[Items listed in a dataset]
=-=-=

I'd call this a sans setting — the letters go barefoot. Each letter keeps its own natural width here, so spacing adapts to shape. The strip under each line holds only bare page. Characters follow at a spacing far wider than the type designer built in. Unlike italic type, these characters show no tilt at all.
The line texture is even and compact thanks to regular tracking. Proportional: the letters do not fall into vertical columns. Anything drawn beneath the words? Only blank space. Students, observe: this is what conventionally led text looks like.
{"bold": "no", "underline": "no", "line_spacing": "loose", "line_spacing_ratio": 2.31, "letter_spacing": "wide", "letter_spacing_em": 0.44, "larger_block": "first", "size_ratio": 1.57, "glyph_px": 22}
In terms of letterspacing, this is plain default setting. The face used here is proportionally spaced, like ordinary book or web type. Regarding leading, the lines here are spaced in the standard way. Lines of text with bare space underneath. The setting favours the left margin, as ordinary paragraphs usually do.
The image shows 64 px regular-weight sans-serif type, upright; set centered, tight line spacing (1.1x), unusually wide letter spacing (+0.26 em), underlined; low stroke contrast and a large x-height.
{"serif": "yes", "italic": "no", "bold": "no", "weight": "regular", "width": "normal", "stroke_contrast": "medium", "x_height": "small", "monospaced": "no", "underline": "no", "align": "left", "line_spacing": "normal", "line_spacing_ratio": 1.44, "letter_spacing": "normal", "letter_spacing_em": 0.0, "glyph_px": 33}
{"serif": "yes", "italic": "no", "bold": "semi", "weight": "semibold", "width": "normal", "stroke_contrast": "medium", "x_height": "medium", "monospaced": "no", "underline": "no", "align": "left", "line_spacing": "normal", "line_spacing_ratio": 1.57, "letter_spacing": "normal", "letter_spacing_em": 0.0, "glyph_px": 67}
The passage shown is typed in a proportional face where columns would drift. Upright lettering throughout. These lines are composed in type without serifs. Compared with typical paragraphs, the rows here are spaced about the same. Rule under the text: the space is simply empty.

=-=-=

To do>
Lines from the one containing "In terms of" to the end of the data are to be printed exactly, including the first and last.

Response area>
In terms of letterspacing, this is plain default setting. The face used here is proportionally spaced, like ordinary book or web type. Regarding leading, the lines here are spaced in the standard way. Lines of text with bare space underneath. The setting favours the left margin, as ordinary paragraphs usually do.
The image shows 64 px regular-weight sans-serif type, upright; set centered, tight line spacing (1.1x), unusually wide letter spacing (+0.26 em), underlined; low stroke contrast and a large x-height.
{"serif": "yes", "italic": "no", "bold": "no", "weight": "regular", "width": "normal", "stroke_contrast": "medium", "x_height": "small", "monospaced": "no", "underline": "no", "align": "left", "line_spacing": "normal", "line_spacing_ratio": 1.44, "letter_spacing": "normal", "letter_spacing_em": 0.0, "glyph_px": 33}
{"serif": "yes", "italic": "no", "bold": "semi", "weight": "semibold", "width": "normal", "stroke_contrast": "medium", "x_height": "medium", "monospaced": "no", "underline": "no", "align": "left", "line_spacing": "normal", "line_spacing_ratio": 1.57, "letter_spacing": "normal", "letter_spacing_em": 0.0, "glyph_px": 67}
The passage shown is typed in a proportional face where columns would drift. Upright lettering throughout. These lines are composed in type without serifs. Compared with typical paragraphs, the rows here are spaced about the same. Rule under the text: the space is simply empty.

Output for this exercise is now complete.